If the two anchor points overlap each other exactly, Illustrator combines the two anchor points and gives you the option of converting the resulting single point to a smooth point or a corner point (Figure 4.39).
Figure 4.39 When you are trying to join two overlapping anchor points, Illustrator offers you the option of creating a corner anchor point or a smooth anchor point.
The Average function allows you to select at least two anchor points and reposition them by evenly dividing the space between them. You can average anchor points horizontally, vertically, or both horizontally and vertically.
There is no limit to how many anchor points you can average at once (Figure 4.40).
Figure 4.40 Choose Object > Path > Average, and then align multiple anchor points.
You can also select two anchor points and press Command-Option-Shift-J (Control-Alt-Shift-J) to perform a combined Average and Join function in one step.
Using the Outline Stroke Command
The stroke of a path adds thickness to the appearance of the path, but it's an attribute you can't physically select and manipulate on the artboard. However, you can select a path with a stroke and choose Object > Path > Outline Stroke; when you do, the stroke of that path expands to become a filled shape that you can then edit with the Pen tool. This allows you to tweak the path to make it appear as if the "stroke" is thinner and thicker in different places.
Sometimes you might want to convert a stroke to an outline for production reasons. If you have a final version of a logo, converting all strokes to filled paths assures that it will scale properly under all circumstances, because users may forget to turn on the Scale Strokes & Effects setting.
Similar to what happens with patterns, when you apply transformations to objects that have strokes or effects applied, the default behavior is that only the shape is transformed, not the strokes or the effects (Figure 4.41 on the following page). Turning on the Scale Strokes & Effects option in the General panel of Preferences changes the default behavior so that strokes and effects are transformed as well. You can also find this setting in the Scale Options dialog.
Figure 4.41 If you forget to turn on the Scale Strokes & Effects setting, you can run into problems when scaling artwork. In this example, the text of the logo was reduced, as was the path, but the stroke weight was not scaled. Outlining strokes prevents these kinds of accidents.
Exploring the Offset Path Function
One of the most useful path functions in Illustrator is Offset Path. When used, this function creates a new vector path that is offset a user-specified amount from the selected object(s). The original selected path is not affected. If you think about it, it's like a scaling function—you can offset paths to be larger or smaller. But if you've ever tried to scale an object such as an oval, you'll know that doing so creates an oval of a different proportion. If you want to create an object that is the same but that has its edges enlarged evenly across the entire object, choose Object > Path > Offset Path (Figure 4.42).

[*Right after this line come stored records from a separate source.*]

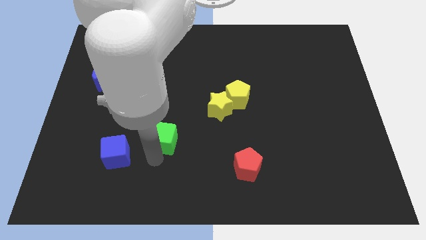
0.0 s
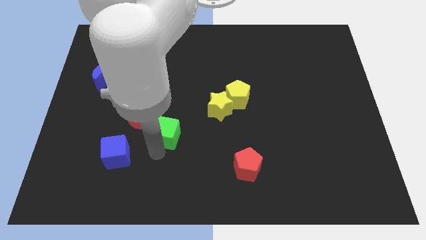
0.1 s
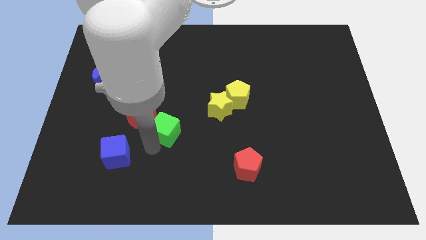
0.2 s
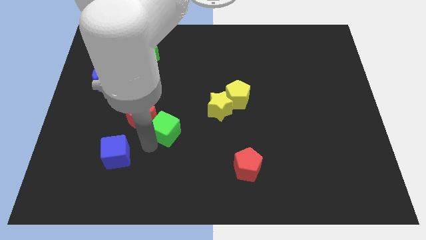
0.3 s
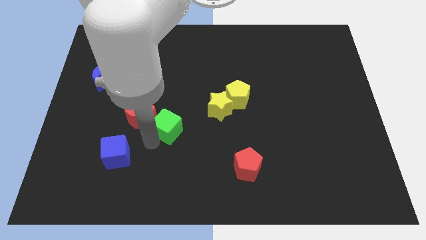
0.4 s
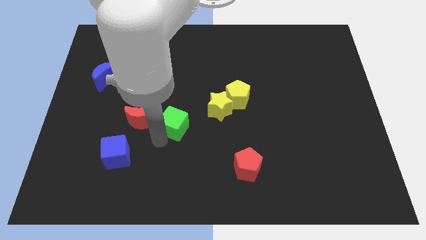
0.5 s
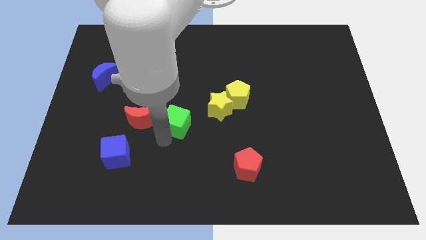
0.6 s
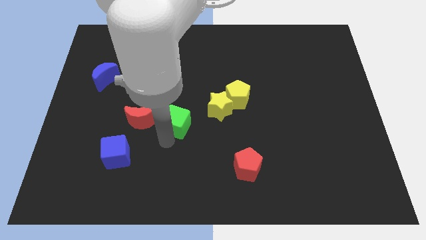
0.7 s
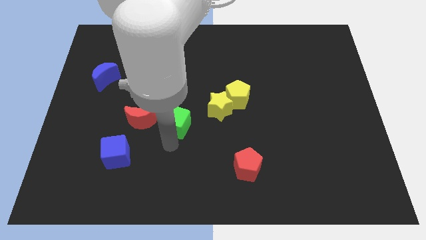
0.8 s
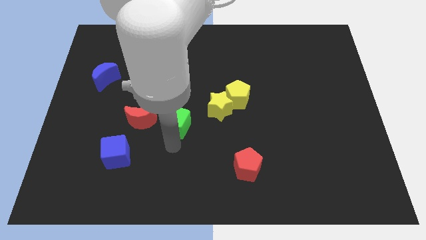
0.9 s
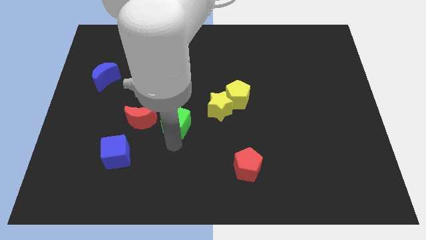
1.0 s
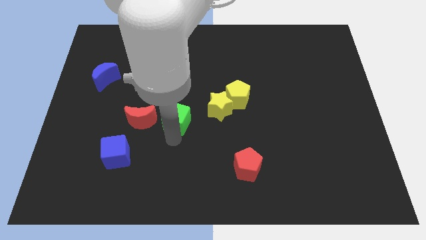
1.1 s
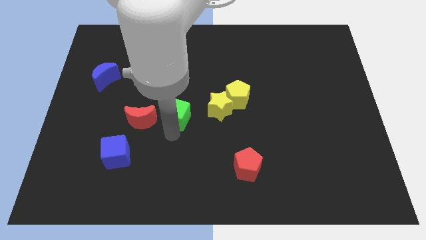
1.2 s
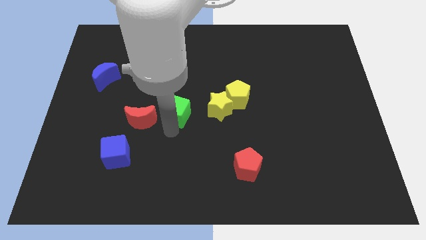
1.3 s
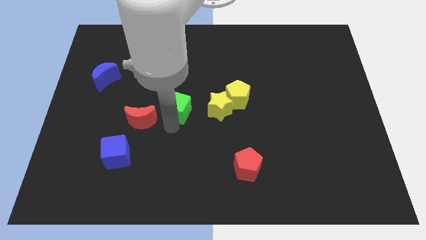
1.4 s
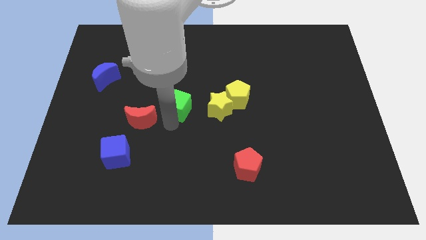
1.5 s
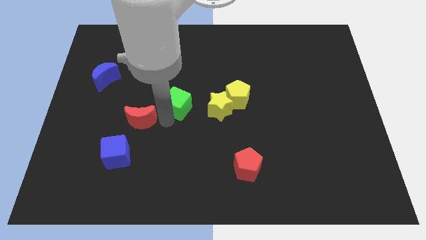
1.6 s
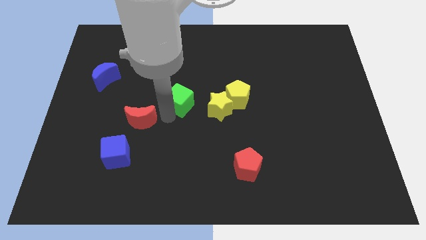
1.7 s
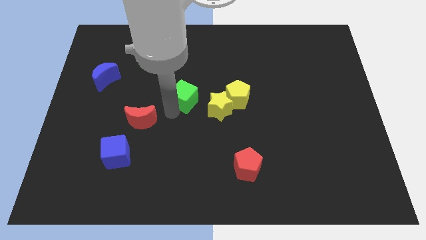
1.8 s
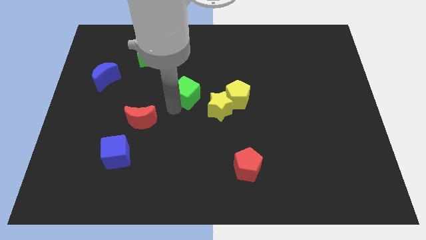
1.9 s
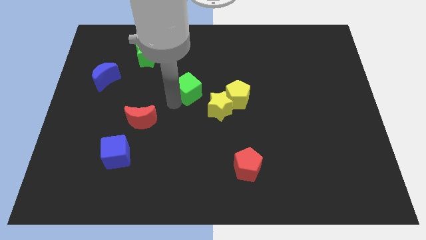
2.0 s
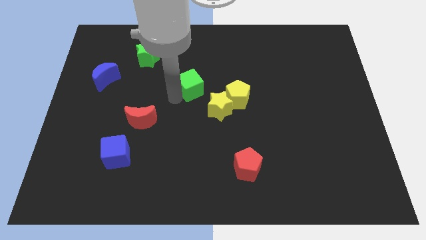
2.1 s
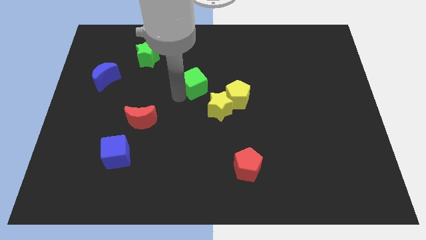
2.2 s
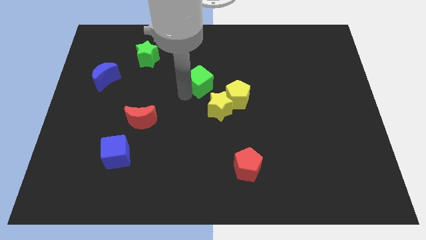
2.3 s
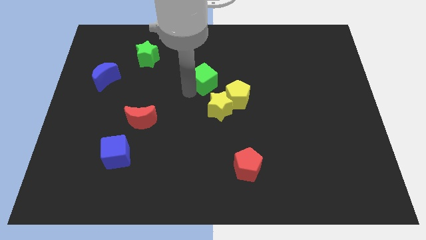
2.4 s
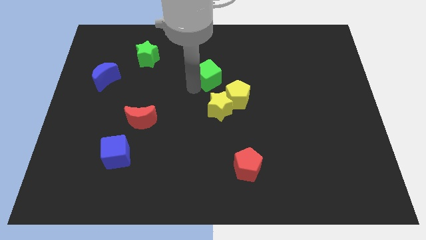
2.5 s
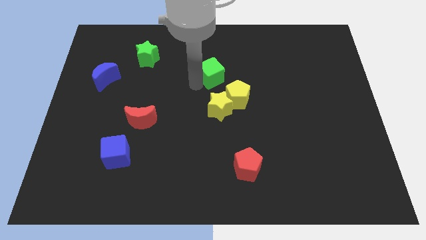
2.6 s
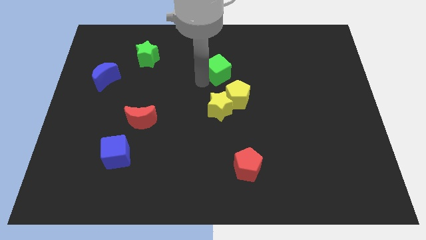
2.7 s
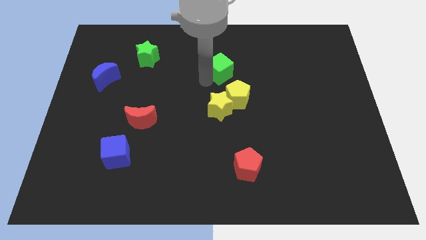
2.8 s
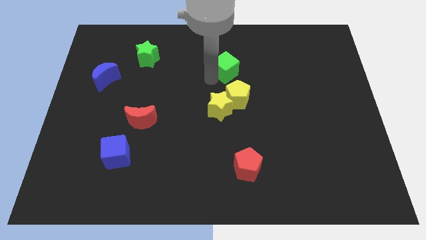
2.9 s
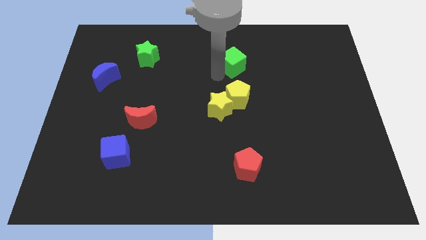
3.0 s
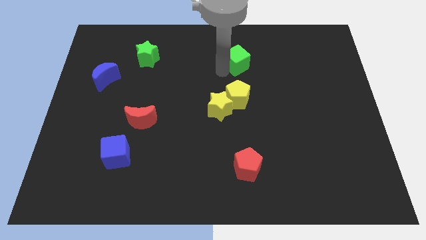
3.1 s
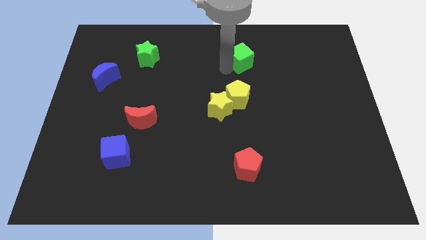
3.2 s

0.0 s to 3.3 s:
place the green cube on the top of the yellow pentagon

Figure 4.42 Scaling an oval shape results in a distorted shape (left). Using the Offset Path function results in a nondistorted result (right).
Offset Path works a bit differently depending on the kind of path you have selected. On a closed path, it seems to work as expected, by creating the new path at the offset you specify. On an open path, however, the Offset Path command creates a new closed path, appearing on both the inside and outside of the original path (Figure 4.43). Depending on the task, this might mean you need to take an extra step to delete the part of the path that is not needed.

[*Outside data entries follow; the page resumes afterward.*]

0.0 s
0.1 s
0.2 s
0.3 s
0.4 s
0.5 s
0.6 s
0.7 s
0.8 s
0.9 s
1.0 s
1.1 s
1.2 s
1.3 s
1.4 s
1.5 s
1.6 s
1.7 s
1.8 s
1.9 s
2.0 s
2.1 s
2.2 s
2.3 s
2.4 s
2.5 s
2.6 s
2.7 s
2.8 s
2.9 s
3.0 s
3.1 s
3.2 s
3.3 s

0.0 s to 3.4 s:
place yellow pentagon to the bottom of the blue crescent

Figure 4.43 The Offset Path function, applied to an open path, results in a new closed path. You have to delete a portion of the resulting path if you want an open path.
Simplifying Vector Paths
Earlier in this chapter, you learned how to use the Remove Anchor Point tool to delete existing anchor points from a path. Although that tool is useful for removing a point or two from a path here or there, it's quite another story when you're trying to remove a lot of anchor points from a path.
You may find that some vector paths contain unnecessary anchor points. By unnecessary, we mean you might be able to create the same path with fewer anchor points. Too many unnecessary anchor points on a path translates into more complex files that take longer to print and that are more difficult to edit (Figure 4.44).
Figure 4.44 Paths with numerous unnecessary anchor points are harder to edit and take longer to print.
You'll often come across this problem when you're importing files from CAD applications or when you're using vector tracing programs such as Adobe Streamline (the Live Trace feature in Illustrator, covered in Chapter 9, Mixing It Up: Working with Vectors and Pixels, does not suffer nearly as much from this problem).
To reduce the number of anchor points on a path, select the path, and choose Object > Path > Simplify. You can use the Preview option to see the results as you change the settings. The Simplify dialog also gives you real-time feedback on the number of anchor points on the original path and the number of points using the current Simplify settings (Figure 4.45). The dialog also offers the following settings:
Figure 4.45 When using the Simplify function, you can see real-time feedback on the number of reduced anchor points and the integrity of the shape of the path.
- Curve Precision. This controls how closely the simplified path matches the curves of the original selected path. A higher Curve Precision setting results in a path that more closely matches the original but that has fewer reduced anchor points.
- Angle Threshold. The Angle Threshold setting determines the smoothness of corners. If the angle of a corner point is less than the Angle Threshold setting, the corner point is not changed to a smooth anchor point.
- Straight Lines. This setting forces the simplified path to only use corner anchor points, resulting in a path that is far less complex. Of course, the path may not match the original that well, but this option may be useful in a creative mind-set.
- Show Original. With the Show Original option checked, Illustrator displays both the original path and the simplified result, allowing you to preview the difference between the two.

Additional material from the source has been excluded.